- O jornalista italiano Roberto Saviano foi absolvido em um julgamento por difamação movido por Matteo Salvini.
- Salvini, vice-primeiro-ministro, processou Saviano em 2023 por chamá-lo de “ministro do submundo” após a sugestão dele, em 2018, de retirar a proteção do escritor.
- Saviano vive sob proteção policial há cerca de duas décadas devido à investigação sobre a máfia napolitana, a Camorra.
- O advogado de Saviano afirmou que a absolvição reconhece que ele exerceu legitimamente seu direito à crítica.
- O processo começou em fevereiro de 2023, mas trata de acontecimentos que remontam a 2018.
O jornalista italiano Roberto Saviano foi absolvido em um julgamento por difamação aberto por Matteo Salvini, vice-primeiro-ministro e líder da Liga.
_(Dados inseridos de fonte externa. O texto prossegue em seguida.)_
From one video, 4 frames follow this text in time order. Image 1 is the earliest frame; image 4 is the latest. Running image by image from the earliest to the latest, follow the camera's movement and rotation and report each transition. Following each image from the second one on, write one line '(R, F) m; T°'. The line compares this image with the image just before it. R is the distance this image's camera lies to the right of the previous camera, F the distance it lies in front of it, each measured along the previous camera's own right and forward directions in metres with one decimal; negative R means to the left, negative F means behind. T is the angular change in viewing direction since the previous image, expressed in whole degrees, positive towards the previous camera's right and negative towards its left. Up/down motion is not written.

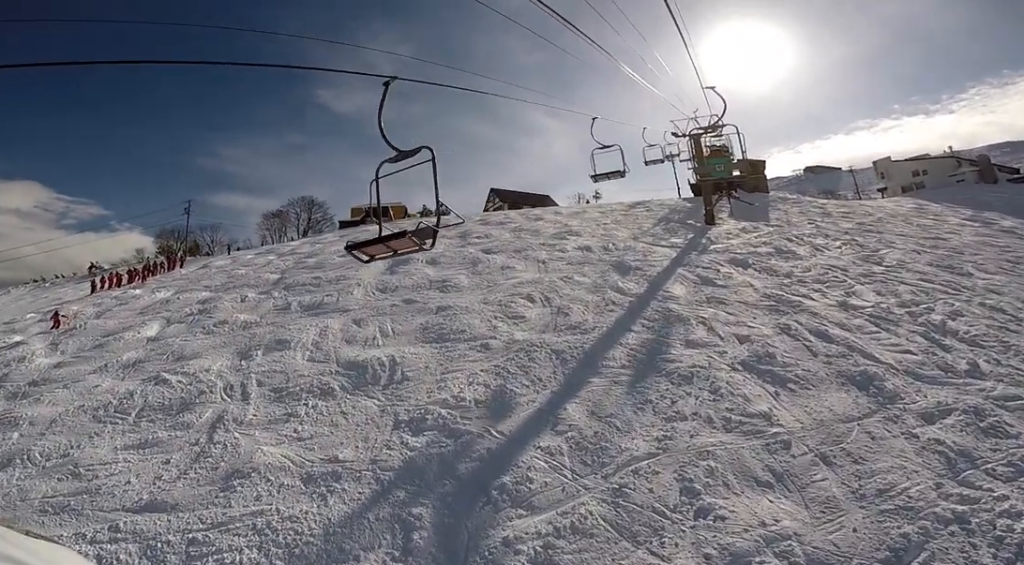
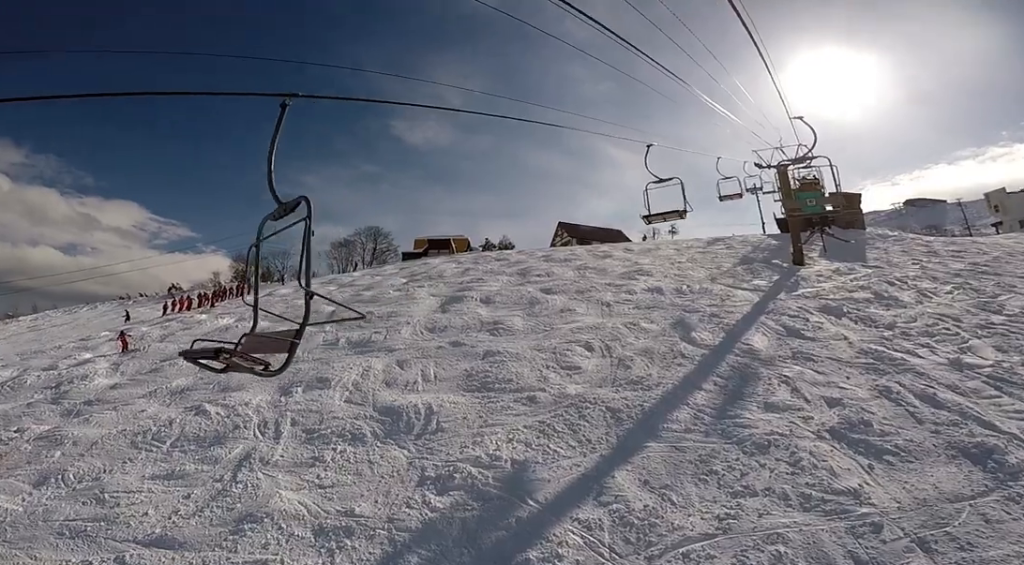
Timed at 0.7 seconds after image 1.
(0.0, +1.4) m; 0°
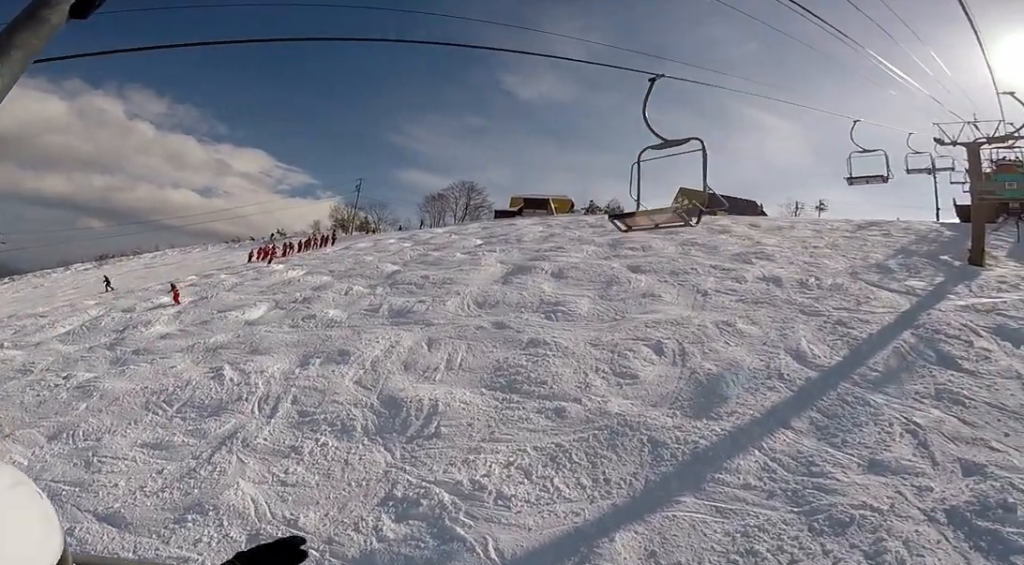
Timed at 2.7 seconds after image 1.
(0.0, +3.9) m; 0°
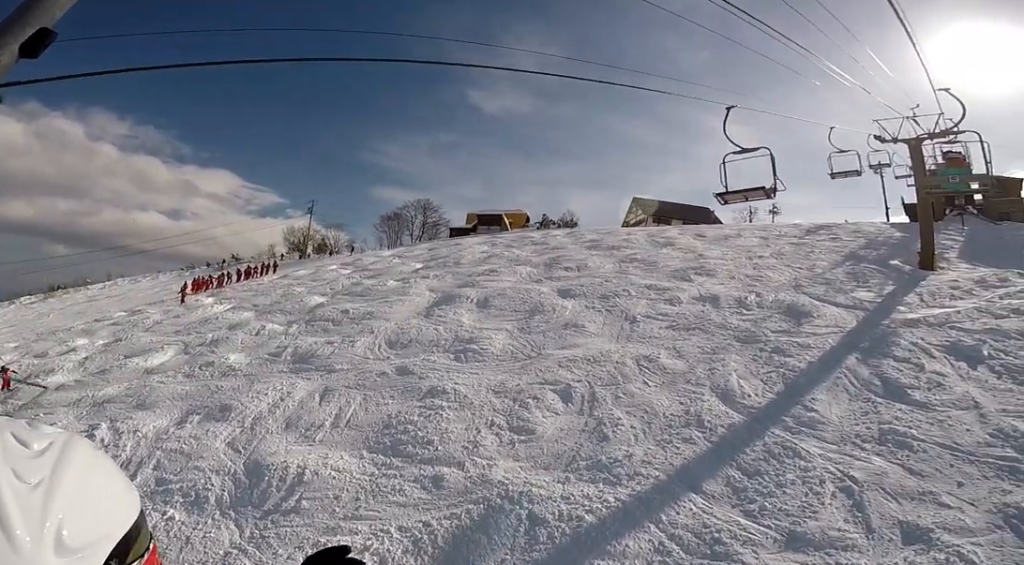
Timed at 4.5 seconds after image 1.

O processo teve início em fevereiro de 2023, com origem em uma reação de Saviano a Salvini. Saviano chamou o político de ministro do submundo em rede social.
A defesa argumentou que Saviano exerceu legitimamente o direito à crítica, e o veredito foi divulgado na quinta-feira. O advogado Antonio Nobile afirmou que a decisão reconhece a liberdade de expressão do jornalista. Saviano vive sob proteção policial há cerca de duas décadas devido à cobertura da máfia.
O caso remonta a 2018, quando Salvini, então ministro do Interior, sugeriu retirar a escolta de Saviano. O escritor reagiu publicamente com a expressão atribuída a ele, parte de um debate sobre a relação entre política, violência e criminalidade organizada na Itália.
Saviano é autor de Gomorra, best-seller de 2006 que revelou segredos da Camorra napolitana. O livro inspira a proteção policial do jornalista, diante de ameaças associadas a investigações sobre máfia e crime organizado.
Segundo Saviano, Salvini se beneficiou de votos na Calábria para concorrer ao Senado, mas teria evitado enfrentar a máfia local, a Ndrangheta. Alega ainda que o ministro priorizou ações contra trabalhadores migrantes na região.
A decisão de absolvição é apresentada pela defesa como prova de que a crítica de Saviano foi dura, porém justificada. A defesa afirma que o jornalismo investigativo não deve ser enquadrado como difamação.